What is needed is a verbatim copy of the data, minus the pictures.

--

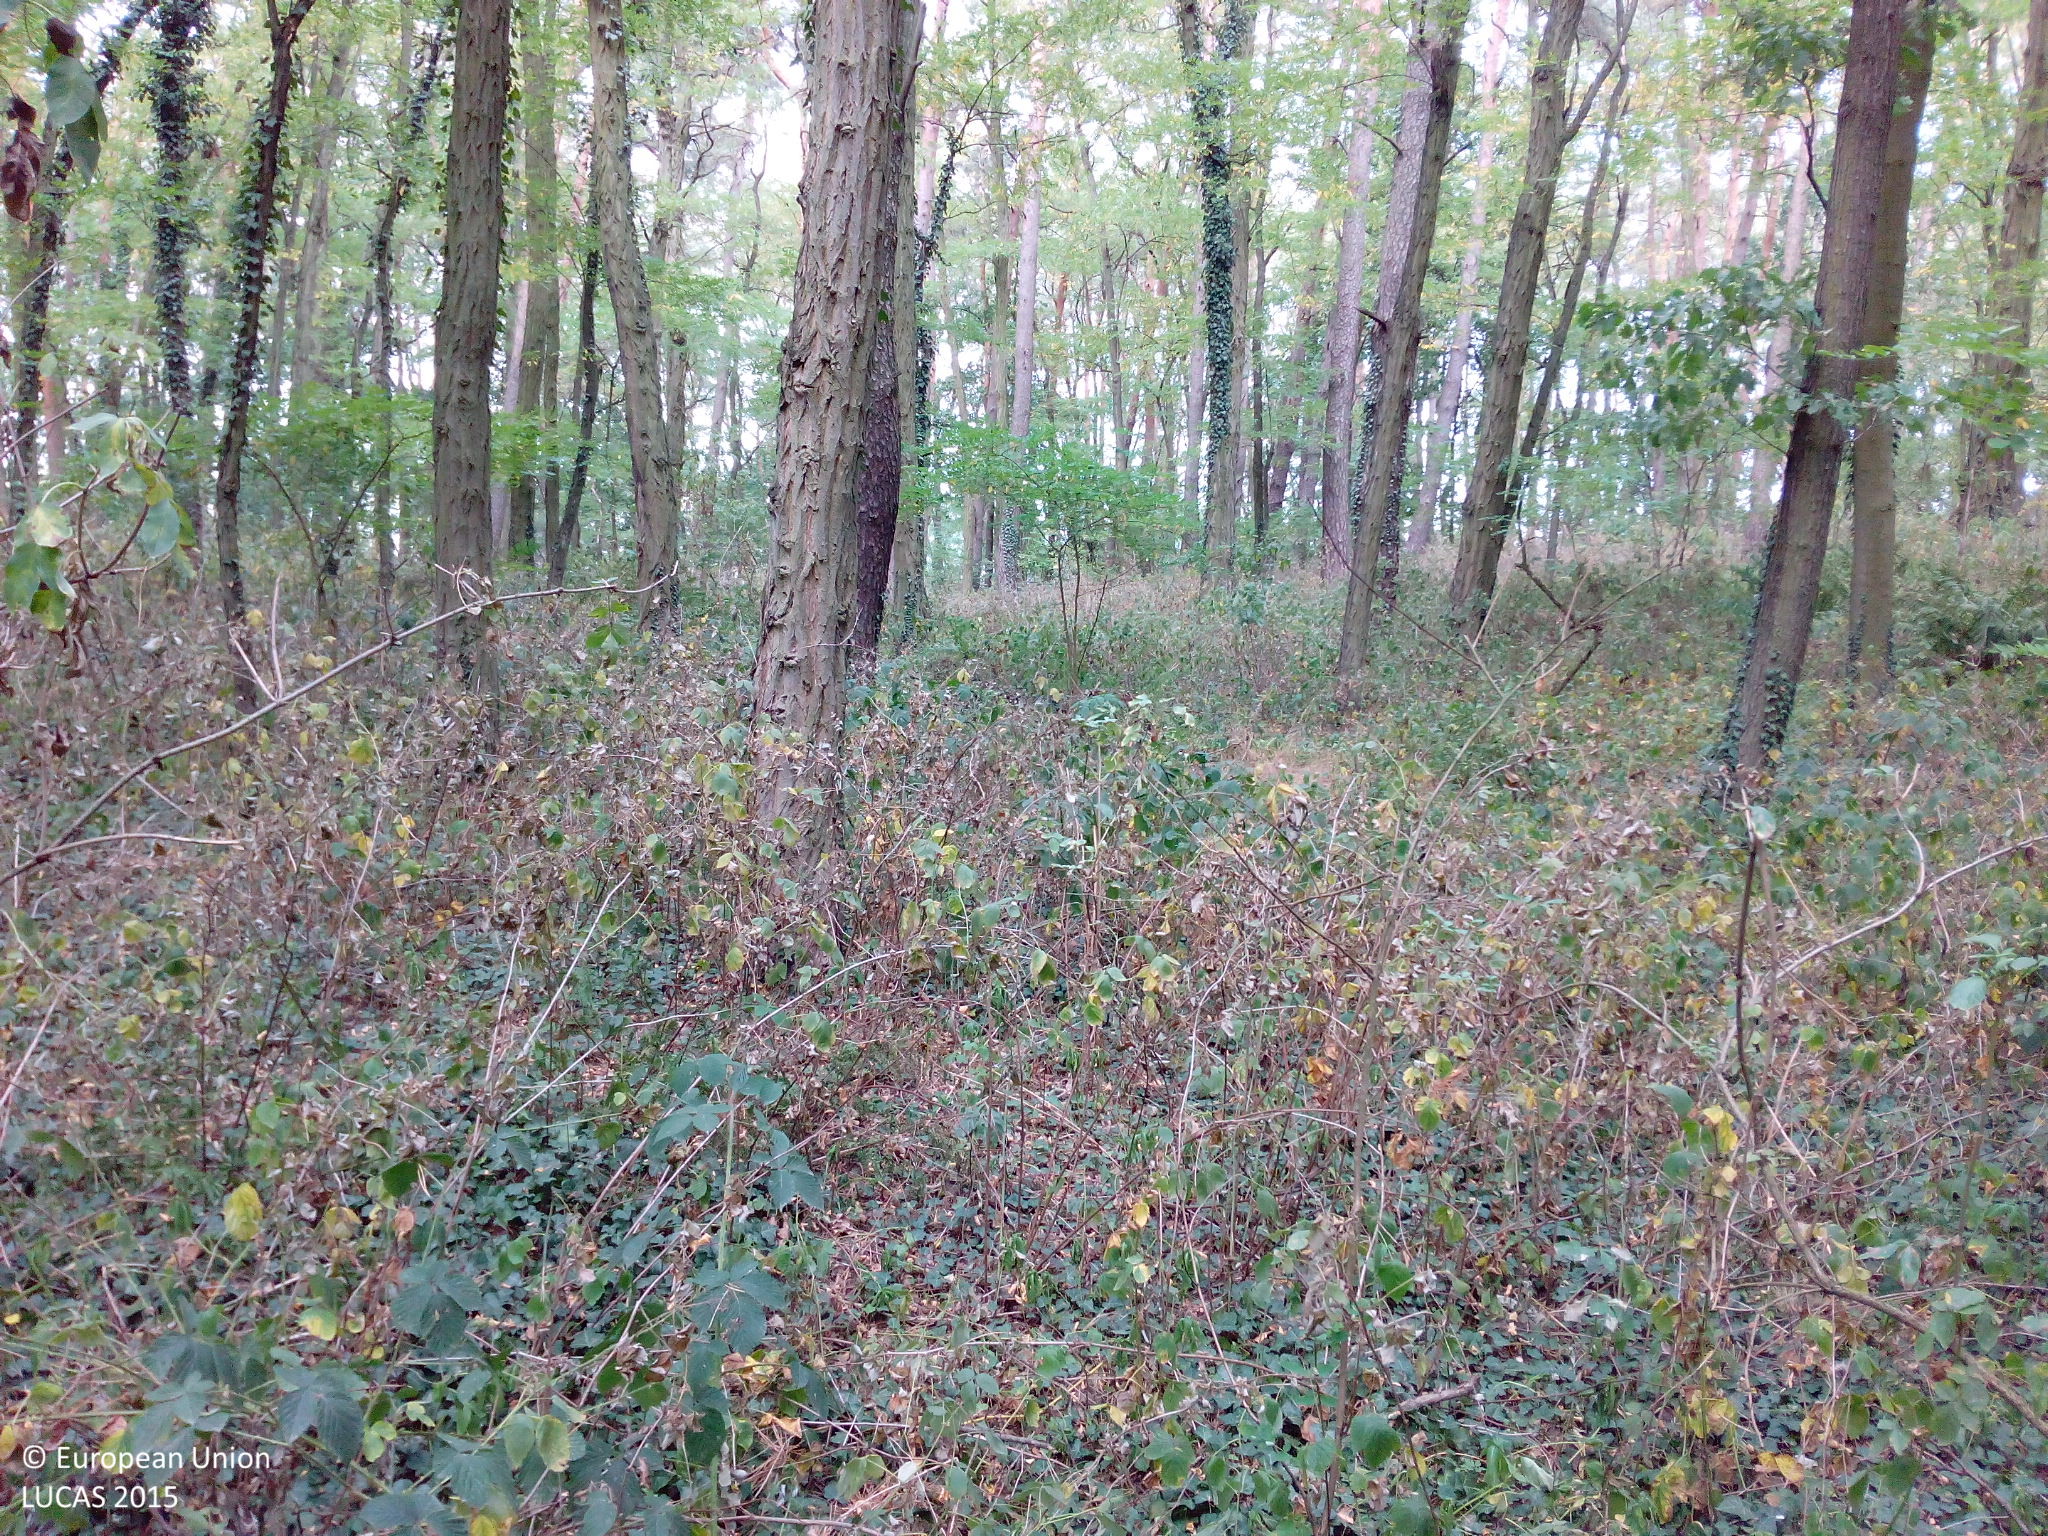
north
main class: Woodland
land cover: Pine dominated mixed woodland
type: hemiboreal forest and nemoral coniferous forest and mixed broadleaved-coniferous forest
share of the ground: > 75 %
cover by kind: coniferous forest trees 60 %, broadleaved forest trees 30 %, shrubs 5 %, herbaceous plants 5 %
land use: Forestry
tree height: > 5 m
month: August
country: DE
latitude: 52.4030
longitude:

--

• [OUTPUT]
north
main class: Woodland
land cover: Pine dominated mixed woodland
type: hemiboreal forest and nemoral coniferous forest and mixed broadleaved-coniferous forest
share of the ground: > 75 %
cover by kind: coniferous forest trees 60 %, broadleaved forest trees 30 %, shrubs 5 %, herbaceous plants 5 %
land use: Forestry
tree height: > 5 m
month: August
country: DE
latitude: 52.4030
longitude:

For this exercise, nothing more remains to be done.